Una giungla. Che travolge tutto e tutti, anche quelle aziende – perché ci sono anche queste – virtuose. Che assumono con contratti regolari, che offrono servizi di alto livello. Che hanno per committenti multinazionali, grandi aziende, banche. Su cinquanta-sessanta marchi presenti sul mercato italiano, per un totale di almeno 50 mila addetti calcolano i sindacati, quelli virtuosi sono una quindicina. Tra questi, un leader da 180 milioni di fatturato, due o tre gruppi da 50 milioni, altrettanti sui 30 milioni, poi i più piccoli, destinati a uscire da un mercato sempre più difficile. «Abbiamo tre ordini di problemi da risolvere» dice ancora Miceli. «C’è quello dei riders, gli imprenditori che si sono gettati nel business in tempi più floridi, mettendo su call center per guadagnare in tempi brevi e a scopi speculativi. Non hanno puntato sulla qualità, e al momento della contrazione del mercato sono saltati. Non prima di aver rastrellato tutto il denaro possibile ed essersi lasciati dietro le spalle migliaia di posti di lavoro in dissoluzione».

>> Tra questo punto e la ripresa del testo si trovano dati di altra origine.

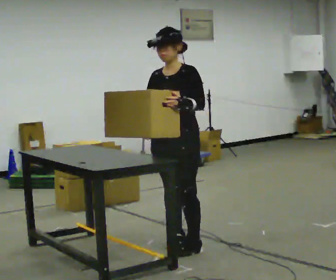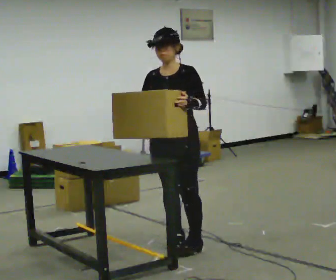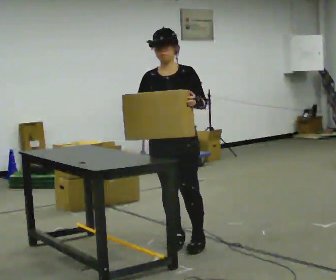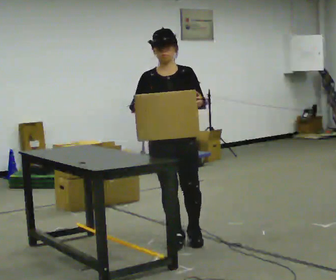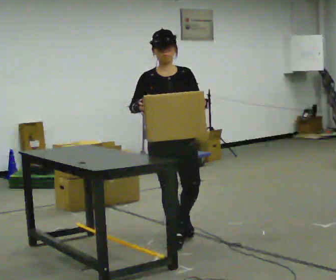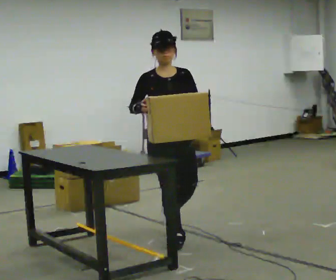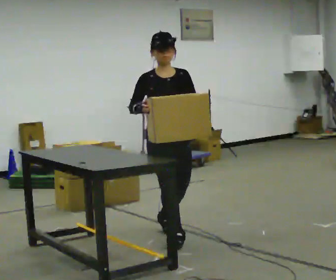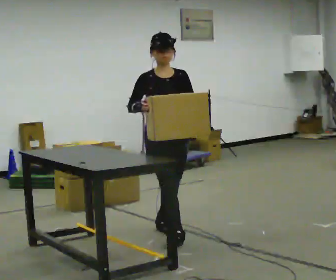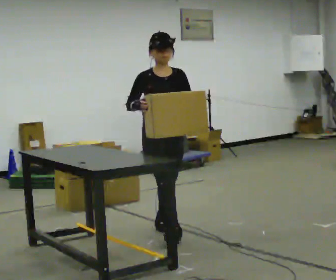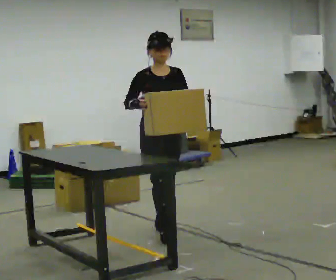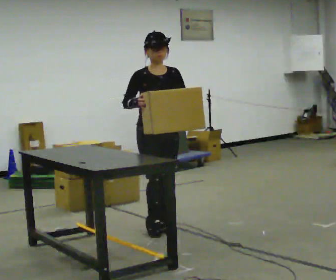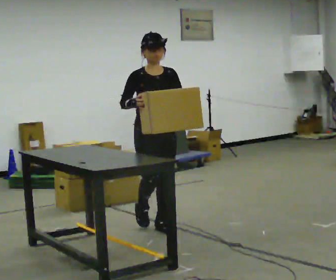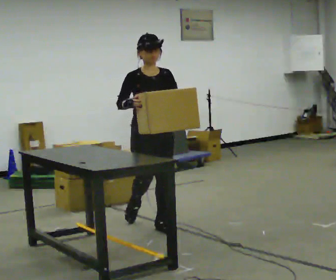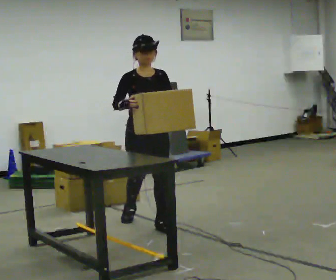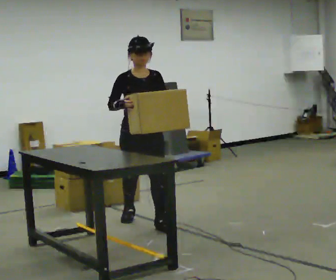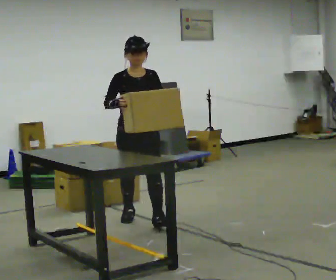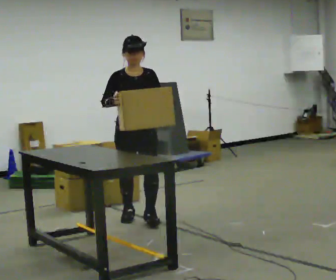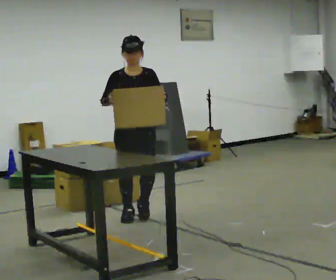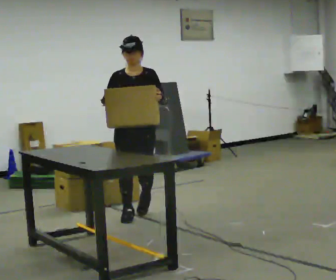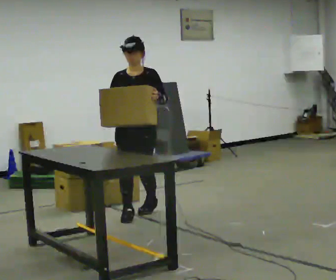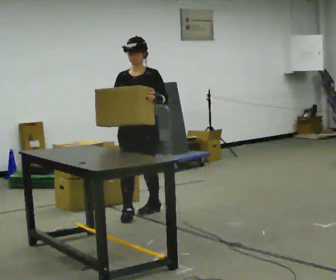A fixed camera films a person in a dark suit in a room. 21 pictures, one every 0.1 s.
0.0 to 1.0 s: The part of the body nearest the lens slides to the right as the person turns to their left by about 60 degrees. In the picture they go away from the camera, about 0.5 m in 2 steps, which for them is backward.
1.0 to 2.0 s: The part of the body nearest the lens slides to the left as the person turns to their right by about 30 degrees. In the picture they go away from the camera, about 0.5 m in 1 step, which for them is backward.
The film runs backward here.
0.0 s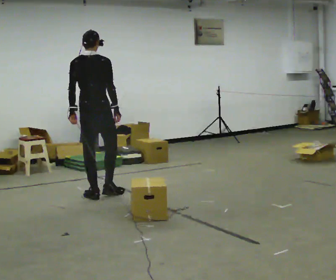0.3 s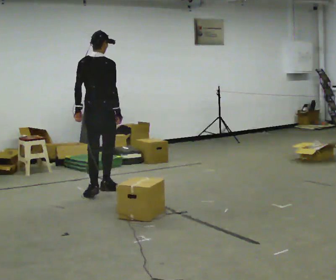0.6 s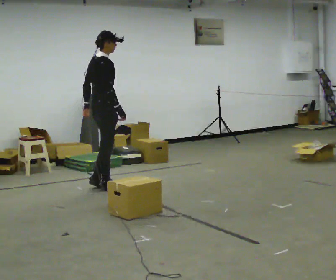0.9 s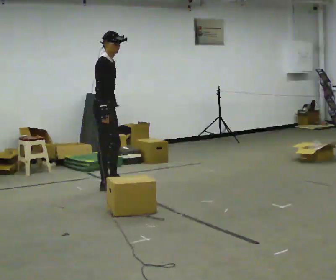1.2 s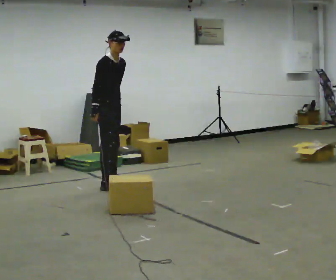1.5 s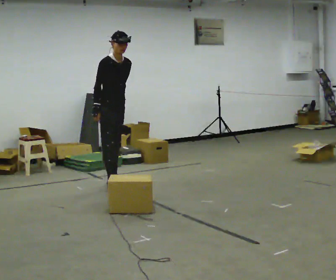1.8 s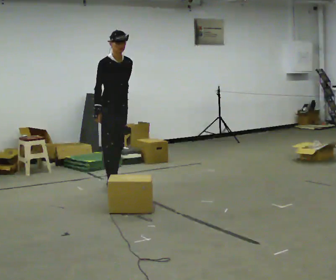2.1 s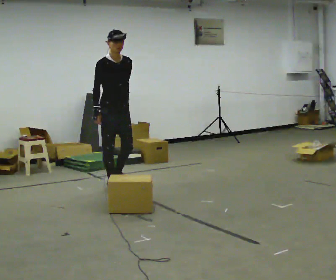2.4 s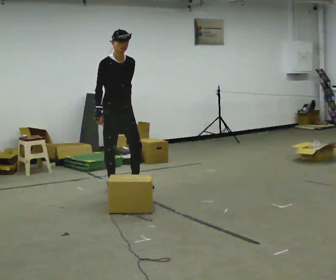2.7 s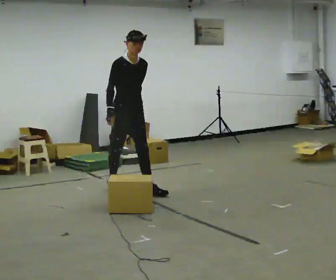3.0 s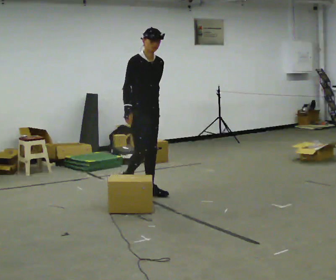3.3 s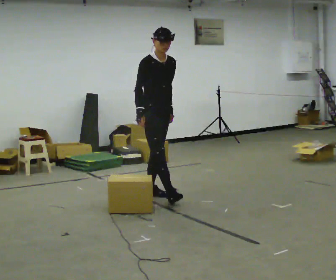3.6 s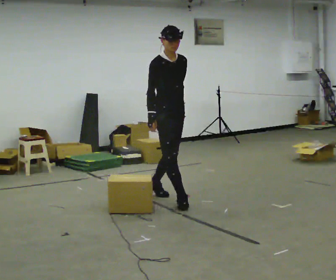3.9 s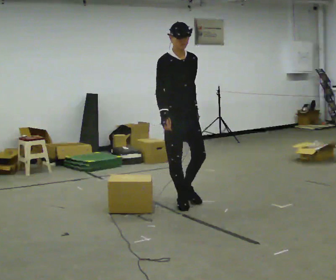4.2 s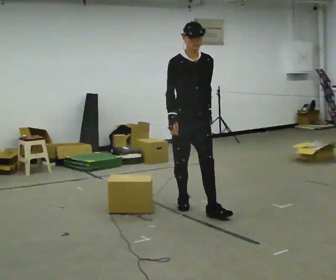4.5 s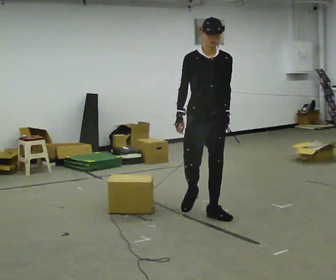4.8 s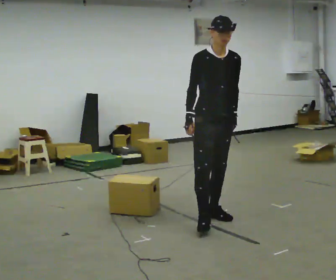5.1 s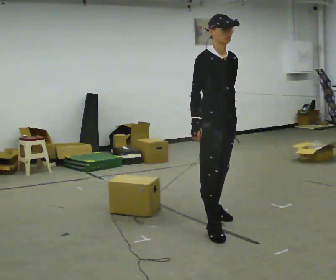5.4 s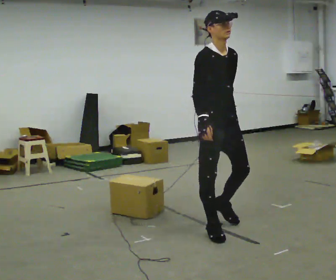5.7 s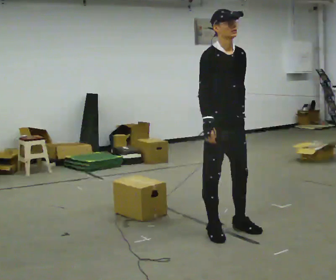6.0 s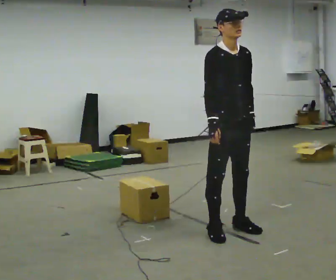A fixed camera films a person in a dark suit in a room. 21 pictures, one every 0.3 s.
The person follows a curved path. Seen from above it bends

Poi, c’è la crisi del settore. «Cala la domanda, calano gli ordini, cala il valore delle commesse». Gli appalti sono tirati al ribasso, le grandi concessionarie spingono i fornitori a puntare sull’estero, a delocalizzare per abbassare i costi. «Su questo fronte è meno peggio che in altri comparti, perché l’italiano non è parlato ovunque, ed è ancora un valore aggiunto» spiega Miceli. «Sì, però anche i gruppi italiani, come ad esempio Telecom, dovrebbero rifiutarsi di veder finire i call center in Tunisia», denuncia Rabellino.

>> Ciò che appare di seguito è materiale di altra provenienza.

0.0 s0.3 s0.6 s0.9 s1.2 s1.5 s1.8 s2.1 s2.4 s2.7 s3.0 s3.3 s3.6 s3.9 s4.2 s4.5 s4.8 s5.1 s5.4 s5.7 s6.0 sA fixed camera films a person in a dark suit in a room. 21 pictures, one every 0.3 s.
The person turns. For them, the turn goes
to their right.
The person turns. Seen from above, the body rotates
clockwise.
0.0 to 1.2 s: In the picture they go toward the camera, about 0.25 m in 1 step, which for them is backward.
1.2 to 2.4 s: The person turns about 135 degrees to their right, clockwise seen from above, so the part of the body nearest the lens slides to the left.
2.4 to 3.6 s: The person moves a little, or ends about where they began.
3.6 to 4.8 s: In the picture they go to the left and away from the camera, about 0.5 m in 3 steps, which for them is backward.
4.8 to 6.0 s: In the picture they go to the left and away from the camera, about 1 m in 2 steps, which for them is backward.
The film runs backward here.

Infine, la questione della stabilizzazione dei posti di lavoro. Nel 2006 la «circolare Damiano» ha stabilito anche per le Tlc, anche per i call center (inbound), il divieto dei contratti a progetto. Lo Stato ha introdotto incentivi, sgravi contributivi per le aziende che trasformavano queste posizioni in contratti a tempo indeterminato. Sgravi pieni al Sud. Si spiega così perché sono sorti come funghi call center nel Mezzogiorno. «Abbiamo stabilizzato 25 mila posizioni», dice Miceli. Ma adesso la festa è finita. «Gli incentivi sono in scadenza». Che succederà, se non saranno prorogati, a Catanzaro, Bari, Cagliari, Palermo? «Ci sono città che sono bombe sociali pronte a scoppiare. E non solo nel Sud. A Ivrea, ad esempio, che rischia di diventare una Sheffield» avverte Miceli.
Ecco il punto di non ritorno. Il bivio. I sindacati hanno convinto il governo ad aprire un «tavolo dei call center». Il 12 febbraio, la prima riunione presso il ministero dello Sviluppo economico. Il 22 la seconda. «Chiediamo una proroga degli sgravi contribuitivi», dice Miceli. I riders finirebbero espulsi dal mercato, le aziende virtuose avrebbero interesse a farsi carico dei «cocci» lasciati da questi ultimi, altri lavoratori senza futuro potrebbero, per la prima volta, ambire ad un contratto serio. A un lavoro vero.